Source : L’Alchimie au Moyen Âge, aux frontières de l’impossible par Wilhelm Ganzenmüller, éditions Marabout, collection Univers secrets

Nous savons que les alchimistes se livraient à la fabrication de pierres précieuses artificielles. Pour les colorer, ils employaient les oxydes métalliques, de tout temps connus : le cuivre brûlé (oxyde cuivrique) pour l’émeraude, la céruse pour la topaze, etc. Pour le rubis l’escarboucle, ils prescrivaient l’emploi de l’or. Il est donc possible que les alchimistes arabes et deux du moyen âge aient au moins pressenti qu’on peut, à l’aide de l’or, colorer en rouge une masse de verre et imiter ainsi le rubis.

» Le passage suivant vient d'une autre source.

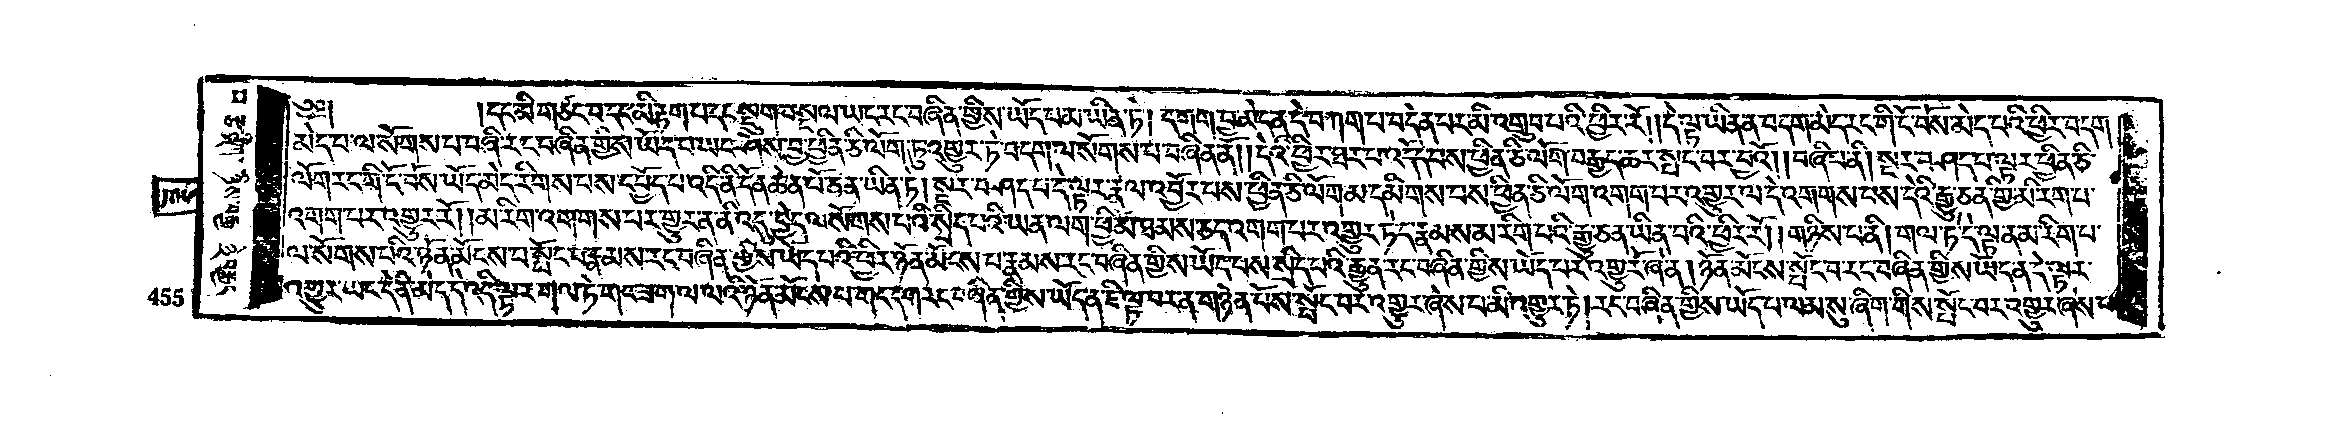༄༅། །དང་མི་གཅང་བ་དང་མི་རྟག་པ་དང་སྡུག་བསྔལ་ཡང་རང་བཞིན་གྱིས་ཡོད་པ་མ་ཡིན་ཏེ། དགག་བྱ་མེད་ན་དེ་བཀག་པ་བདེན་པར་མི་འགྲུབ་པའི་ཕྱིར་རོ། །དེ་ལྟ་ཡིན་ན་བདག་མེད་རང་གི་ངོ་བོས་མེད་པའི་ཕྱིར་བདག་
མེད་པ་ལ་སོགས་པ་བཞི་རང་བཞིན་གྱིས་ཡོད་པ་ཡང་ཤེས་བྱ་ཕྱིན་ཅི་ལོག་ཏུ་འགྱུར་ཏེ་བདག་ལ་སོགས་པ་བཞིན་ནོ། །དེའི་ཕྱིར་ཐར་པ་འདོད་པས་ཕྱིན་ཅི་ལོག་བརྒྱད་ཆར་སྤང་བར་བྱའོ། །བཞི་པ་ནི། སྔར་བཤད་པ་ལྟར་ཕྱིན་ཅི་
ལོག་རང་གི་ངོ་བོས་ཡོད་མེད་རིགས་པས་དཔྱོད་པ་འདི་ནི་དོན་ཆེན་པོ་ཅན་ཡིན་ཏེ། སྔར་བཤད་པ་དེ་ལྟར་རྣལ་འབྱོར་པས་ཕྱིན་ཅི་ལོག་མ་དམིགས་པས་ཕྱིན་ཅི་ལོག་འགག་པར་འགྱུར་ལ་དེ་འགགས་པས་དེའི་རྒྱུ་ཅན་གྱི་མ་རིག་པ་
འགག་པར་འགྱུར་རོ། །མ་རིག་འགགས་པར་གྱུར་ན་ནི་འདུ་བྱེད་ལ་སོགས་པའི་སྲིད་པའི་ཡན་ལག་ཕྱི་མ་ཐམས་ཅད་འགག་པར་འགྱུར་ཏེ་ད་རྣམས་མ་རིག་པའི་རྒྱུ་ཅན་ཡིན་པའི་ཕྱིར་རོ། །གཉིས་པ་ནི། གལ་ཏེ་དེ་ལྟ་ན་མ་རིག་པ་
ལ་སོགས་པའི་ཉོན་མོངས་པ་སྡོང་བ་རྣམས་རང་བཞིན་གྱིས་ཡོད་པའི་ཕྱིར་ཉོན་མོངས་པ་རྣམས་རང་བཞིན་གྱིས་ཡོད་པས་སྲིད་པའི་རྒྱུན་རང་བཞིན་གྱིས་ཡོད་པར་འགྱུརོ་ཞེ་ན། ཉོན་མོངས་སྤོང་བ་རང་བཞིན་གྱིས་ཡོད་ན་དེ་ལྟར་
འགྱུར་ཡང་དེ་ནི་མེད་དེ་འདི་ལྟར་གལ་ཏེ་གང་ཟག་ལ་ལའི་ཉོན་མོངས་པ་གང་དག་རང་བཞིན་གྱིས་ཡོད་ན་ཇི་ལྟ་བུར་ན་གཉེན་པོས་སྤོང་བར་འགྱུར་ཞེས་པ་མི་འགྱུར་ཏེ། རང་བཞིན་གྱིས་ཡོད་པ་ལམ་སུ་ཞིག་གིས་སྤོང་བར་འགྱུར་ཞེས་པ་

Le Lapidaire de Lulle, par exemple, donne pour fabriquer la pierre philosophale, la même recette que pour fabriquer de faux rubis, avec cette différence que la masse à colorer n’est pas du verre, mais « la substance obtenue par alchimie à partir de la matière première. »

Cette présomption que la pierre philosophale a des rapports avec le verre coloré à l’aide du « pourpre d’or » est appuyée par le fait qu’on cherche toujours à assimiler l’or à la pierre philosophale. Des phrases telles que « comme une petite quantité de levain fait lever une grande quantité de pâte, ainsi, la petite feuille d’or ou d’argent engendre l’élixir et fait fermenter toutes choses. » De telles phrases se trouvent chez Zosime et ont été transmises à travers la littérature arabe aux alchimistes d’Occident. On les retrouve dans le Livre des aluns et des sels, chez Geber, Arnaud de Villeneuve, Lulle et bien d’autres. Il est remarquable que cette théorie ait été confirmée par la science moderne : en effet, si l’on veut imiter la couleur dorée des métaux, l’opération est grandement facilitée par l’adjonction d’une très petite quantité d’or.

Voici comment Ortulanus décrit la pierre philosophale : « Cela devient une pierre de plus en plus rouge, transparente, fluide, liquéfiante, qui peut pénétrer le mercure et tous les corps durs ou tendres, et les transformer en une substance propre à faire de l’or ; elle guérit le corps humain de toutes les faiblesses et lui rend la santé ; grâce à elle on peut forger le verre et colorer les pierres précieuses en un rouge brillant comme l’escarboucle.